Week 2 Opening Medley: Comedy Tonight (Cast), Broadway Baby (Carrie Grant), You Can't Take That Away From Me (John Barrowman), On The Street Where You Live (Jon Lee), I Won't Send Roses (David Grant), All That Jazz (Ruthie Henshall)

|  | Song | Musical | Performed by |
|---|---|---|---|
| 01 | Till There Was You | The Music Man | Jon Lee |
| 02 | Don't Cry for Me Argentina | Evita | Carrie Grant |
| 03 | Name of the Game | Mamma Mia! | 2005 Mamma Mia Cast John Alastair, Sophia Ragavellas |
| 04 | Dancing Queen | Mamma Mia! | 2005 Mamma Mia Cast, Viven Parry, Kim Ismay, Lara Mulgahy |
| 05 | Close Every Door | Joseph and the Amazing Technicolor Dreamcoat | Aled Jones |
| 06 | The Way You Look Tonight | Swing Time | Mica Paris |
| 07 | Maria | West Side Story | John Barrowman |
| 08 | Maybe This Time | Cabaret | Ruthie Henshall |
| 09 | Swell Party | High Society | David Grant, Aled Jones |

Week 2 Closing Cole Porter Medley: Anything Goes (Ruthie Henshall), My Heart Belongs to Daddy (Carrie Grant), Too Darn Hot (Mica Paris), Who Wants to be a Millionaire (David Grant, Carrie Grant)

===Episode Three===

Week 3 Introduction—Wilkommen (John Barrowman), Hello Dolly (Ruthie Henshall), If They Could See Me Now (Carrie Grant), Matchmaker, Matchmaker (Mica Paris), Edelweiss (Jon Lee), Somewhere (David Grant & Company)
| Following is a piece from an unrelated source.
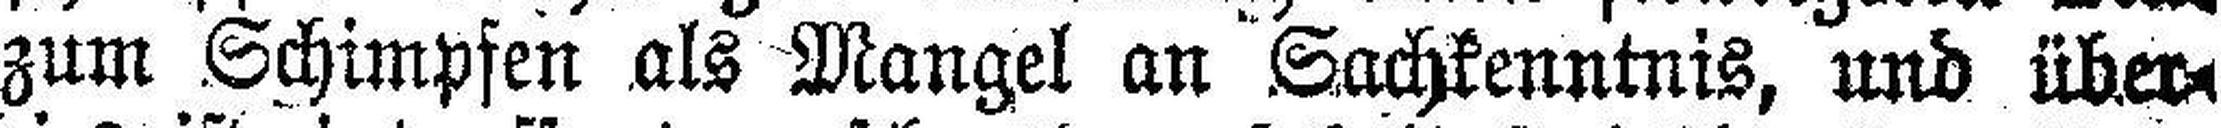
zum Schimpfen als Mangel an Sachkenntnis, und über¬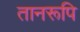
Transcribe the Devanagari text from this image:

|  | Song | Musical | Performed by |
|---|---|---|---|
| 01 | Walking in the Air | The Snowman | Joseph McManners |
| 02 | Can You Feel the Love Tonight | The Lion King | David Grant |
| 03 | Send in the Clowns | A Little Night Music | Ruthie Henshall |
| 04 | Younger Than Springtime | South Pacific | Jon Lee |
| 05 | Summertime | Porgy and Bess | Mica Paris |
| 06 | Mr Cellophane | Chicago (musical) | Les Dennis |
| 07 | What I Did For Love | A Chorus Line | Carrie Grant |
| 08 | Sunset Boulevard | Sunset Boulevard | John Barrowman |
| 09 | You're Just in Love | Call Me Madam | Jon Lee, Ruthie Henshall |

Children's Medley (closing) -- Chitty Chitty Bang Bang (Chitty Chitty Bang Bang, Jon Lee, David Grant, Ruthie Henshall, Les Dennis, Joseph McManners), Supercalifragilistic (Mary Poppins, Ruthie Henshall & same), Part of Your World (The Little Mermaid, Carrie Grant), Bad Guys (Bugsy Malone, Jon Lee & David Grant), The Bare Necessities (The Jungle Book, Les Dennis & Joseph McManners), Tomorrow (Annie, Ruthie Henshall & company)

===Episode Four===

|  | Song | Musical | Performed by |
|---|---|---|---|
| 01 | Everything's Coming Up Roses | Gypsy | Ruthie Henshall |
| 02 | Hopelessly Devoted To You | Grease | Carrie Grant |
| 03 | Ole Man River | Show Boat | Sir Willard White |
| 04 | I’ve Never Been in Love Before | Guys And Dolls | David Grant |
| 05 | We'd Go Dancing | Billy Elliot | Billy Elliot OLC Ann Emery, Liam Mower |
| 06 | Electricity | Billy Elliot | Billy Elliot OLC Liam Mower, Tim Healy |
| 07 | And I'm Tellin You | Dreamgirls | Mica Paris |
| 08 | Beauty and the Beast | Beauty and the Beast | Carrie Grant, David Grant |
| 09 | Evermore Without You | The Woman in White | Jon Lee |
| 10 | I Am What I Am | La Cage aux Folles | John Barrowman |

Week 4 (Finale) Medley—There's No Business Like Show Business (Annie Get Your Gun, Company), Come on Get Happy (Ruthie Henshall), Good Morning (Singing in the Rain, Jon Lee, Carrie & David Grant), Try To Remember (The Fantasticks, John Barrowman & Company), There's No Business Like Show Business (Annie Get Your Gun, Company)

== Medleys ==
- Week 1 Closing Medley—Jesus Christ Superstar, The Time Warp, (The Rocky Horror Show, John Barrowman), Tell Me It's Not True (Blood Brothers, Jill Halfpenny), Seasons of Love (Rent, Jon Lee, Carrie & David Grant), Memory (Cats, Mica Paris), One Day More (Les Misérables, John Barrowman, John Lee, Ruthie Hensall, Carrie Grant, & Company)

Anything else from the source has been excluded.